What it boils down to is this: Real food has been largely replaced in America with processed, boxed, labeled, nutrionally-deficient "stuff." It's not real food. It tries to pretend to be food through "nutrionism." Nutritionism, according to Wikipedia, is an ideology that assumes that it is the scientifically identified nutrients in foods that determine their value in the diet. [1] Ever heard of lycopene? Ketchup sellers use it to get you to buy ketchup. They actually want you to think that the high fructose corn syrup-laden goop is somehow "good" for you. That it could help your body fight cancer. Give me a break.
The whole is greater than the sum of its parts. Ah, synergy.
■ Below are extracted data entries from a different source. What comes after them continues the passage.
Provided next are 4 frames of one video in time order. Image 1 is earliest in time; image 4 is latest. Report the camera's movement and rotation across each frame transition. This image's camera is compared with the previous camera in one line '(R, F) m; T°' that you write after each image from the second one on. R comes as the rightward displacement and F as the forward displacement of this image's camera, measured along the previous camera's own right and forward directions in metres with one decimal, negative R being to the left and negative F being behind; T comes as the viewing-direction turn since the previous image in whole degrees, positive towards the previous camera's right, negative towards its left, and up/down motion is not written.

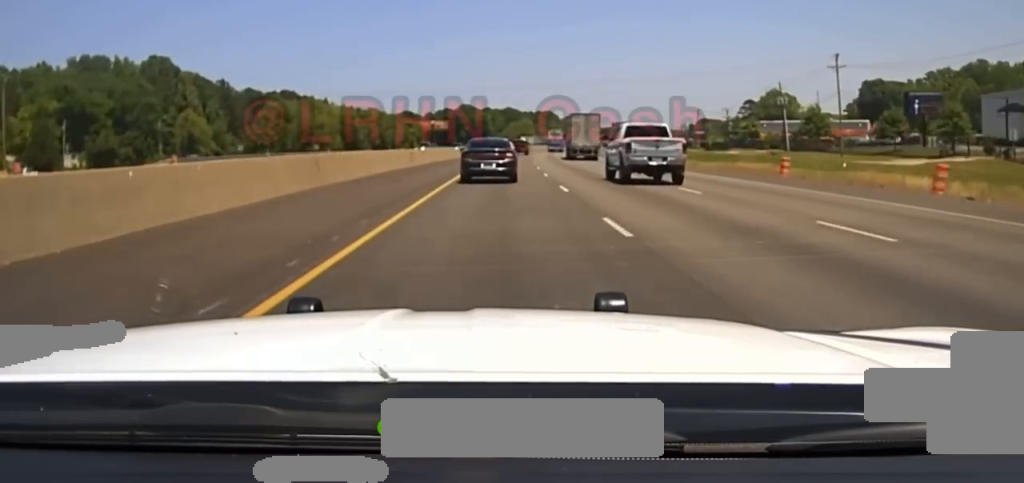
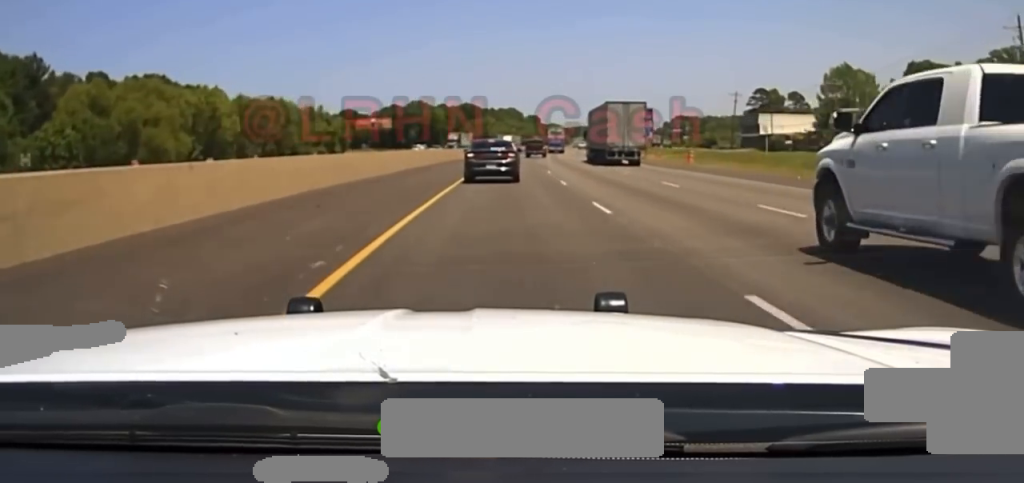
(+0.3, +83.3) m; +1°
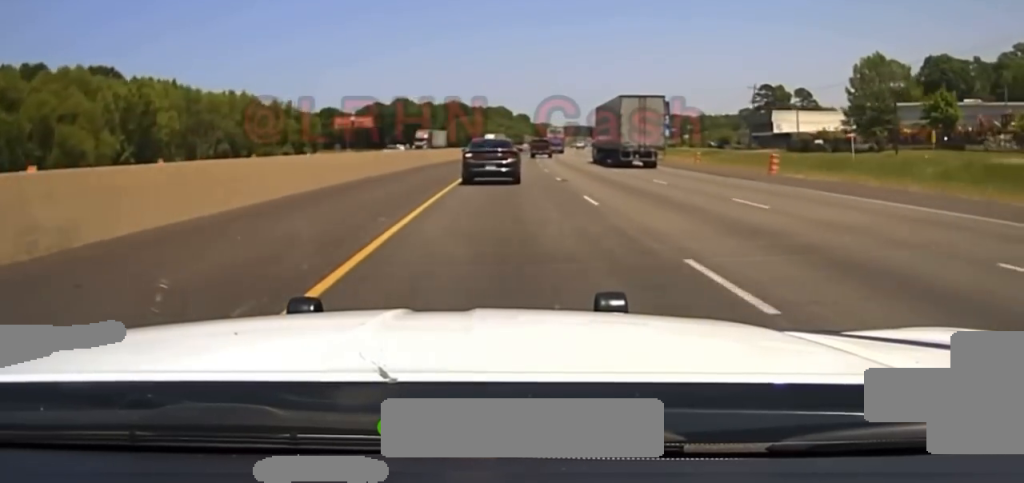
(-0.1, +20.0) m; 0°
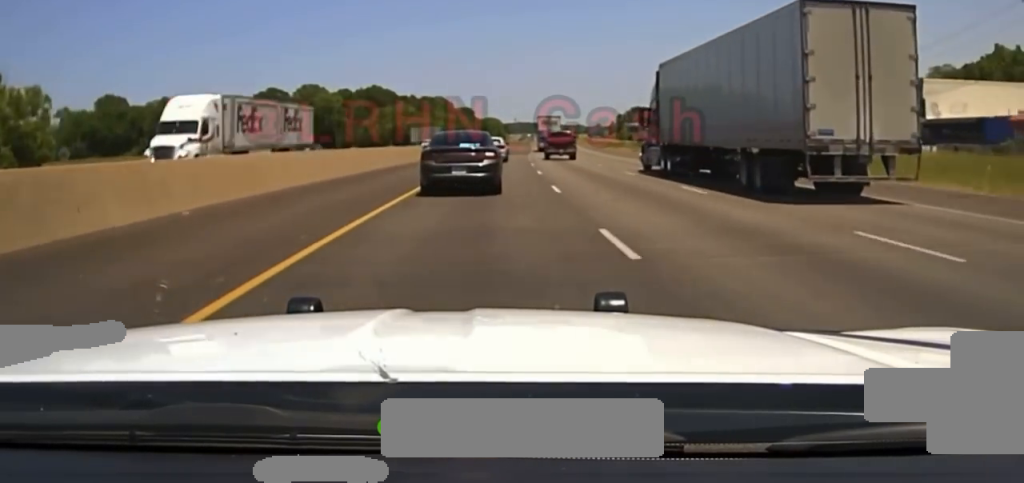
(+3.8, +100.3) m; +4°
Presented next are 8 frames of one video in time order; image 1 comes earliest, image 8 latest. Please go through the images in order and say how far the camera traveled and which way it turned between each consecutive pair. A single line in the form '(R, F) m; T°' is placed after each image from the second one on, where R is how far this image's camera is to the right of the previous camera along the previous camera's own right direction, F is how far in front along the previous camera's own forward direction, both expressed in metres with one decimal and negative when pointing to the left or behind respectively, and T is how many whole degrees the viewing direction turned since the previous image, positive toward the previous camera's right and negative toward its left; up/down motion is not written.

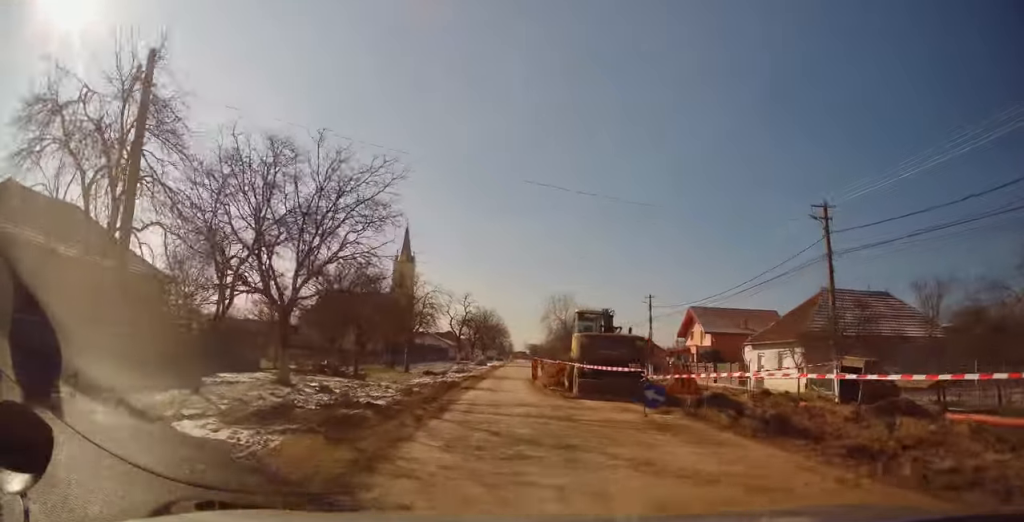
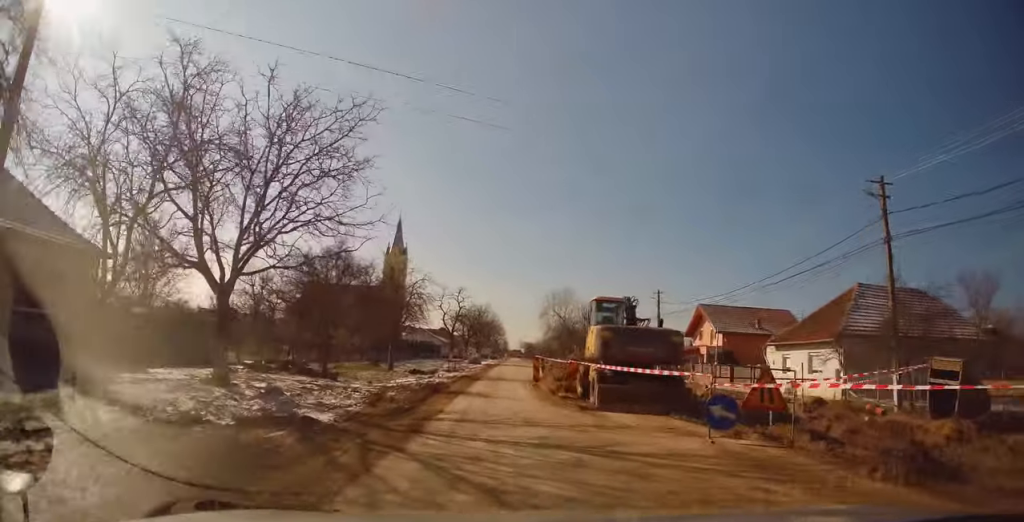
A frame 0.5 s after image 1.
(0.0, +4.3) m; +1°
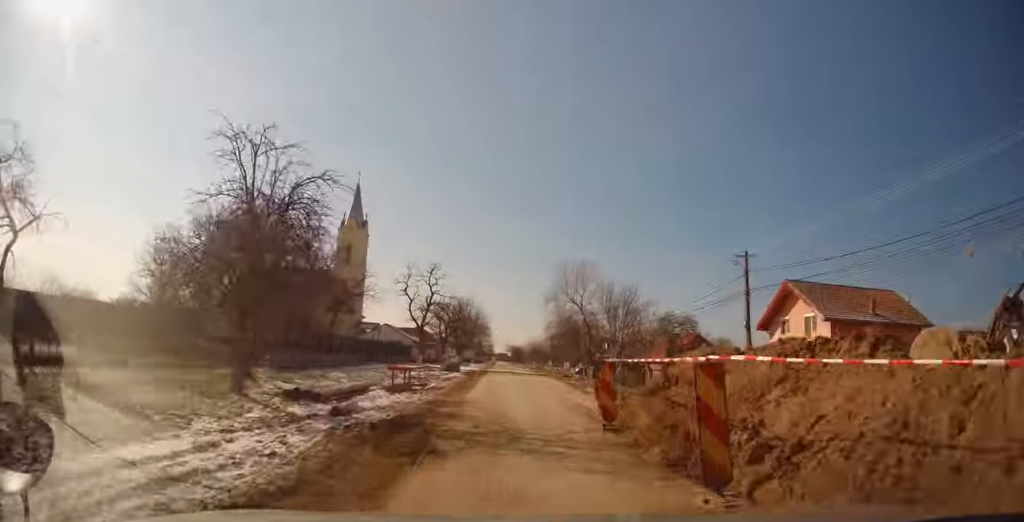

Never thought I'd say that food is synergistic. But it is. It truly is.
Eat a tomato. Enjoy it fresh from the garden, warmed by the sun. A bottle of ketchup with a 2008 expiration date doesn't begin to compare to my garden-fresh, ripe, delivered the same day, grown an hour away, truly delicious tomatoes. Sliced with a smidgen of sea salt or sandwiched or diced and tossed into my husband's fresh gazpacho, mmmmmmm.
In case you were wondering, we didn't get here overnight, and we didn't grow up eating healthy food. Just a few years ago, I was pregnant in Africa and craving all kinds of cheesy, processed junk. It was somehow comforting to me to eat "cheese" crackers ("made with REAL cheese!"--what else have they been making it with? Think about it). It took a LONG time for me to reach for a piece of fruit instead of a bag of chips. For my son, however, the fruit is much more appealing. Praise God.
Speaking of fruit, Judah was upset tonight when I told him we didn't have any more plums. "May I have an apple, then?"
"You ate the last apple right before you took a nap on the couch."
"Then tell me what we do have."
"We don't have any more fruit. We'll have to buy some more."
"No more fruit? Why?"
"Because we ate it all."
I thought he was going to cry. Then he ate almost all of my zuchinni. Little stinker.
Oh, I could write about this all night. It's 10:00, though, and I need to join my husband upstairs and drift off to sleep. I have so much more to say, but I'll save it for another post. I'm re-reading Food Politics by Marion Nestle and I'm hoping to read Eating in the Dark by Kathleen Hart before I have to take both books back to the library. I may post a few quotes from both books and comment on them. Reminds me a little of school. Can you tell I miss researching and writing on a regular basis?
Now that James is back home, I should be on here more often. I hope so.
A quick addendum:
Now that we've discovered roasted okra, we never give it away anymore.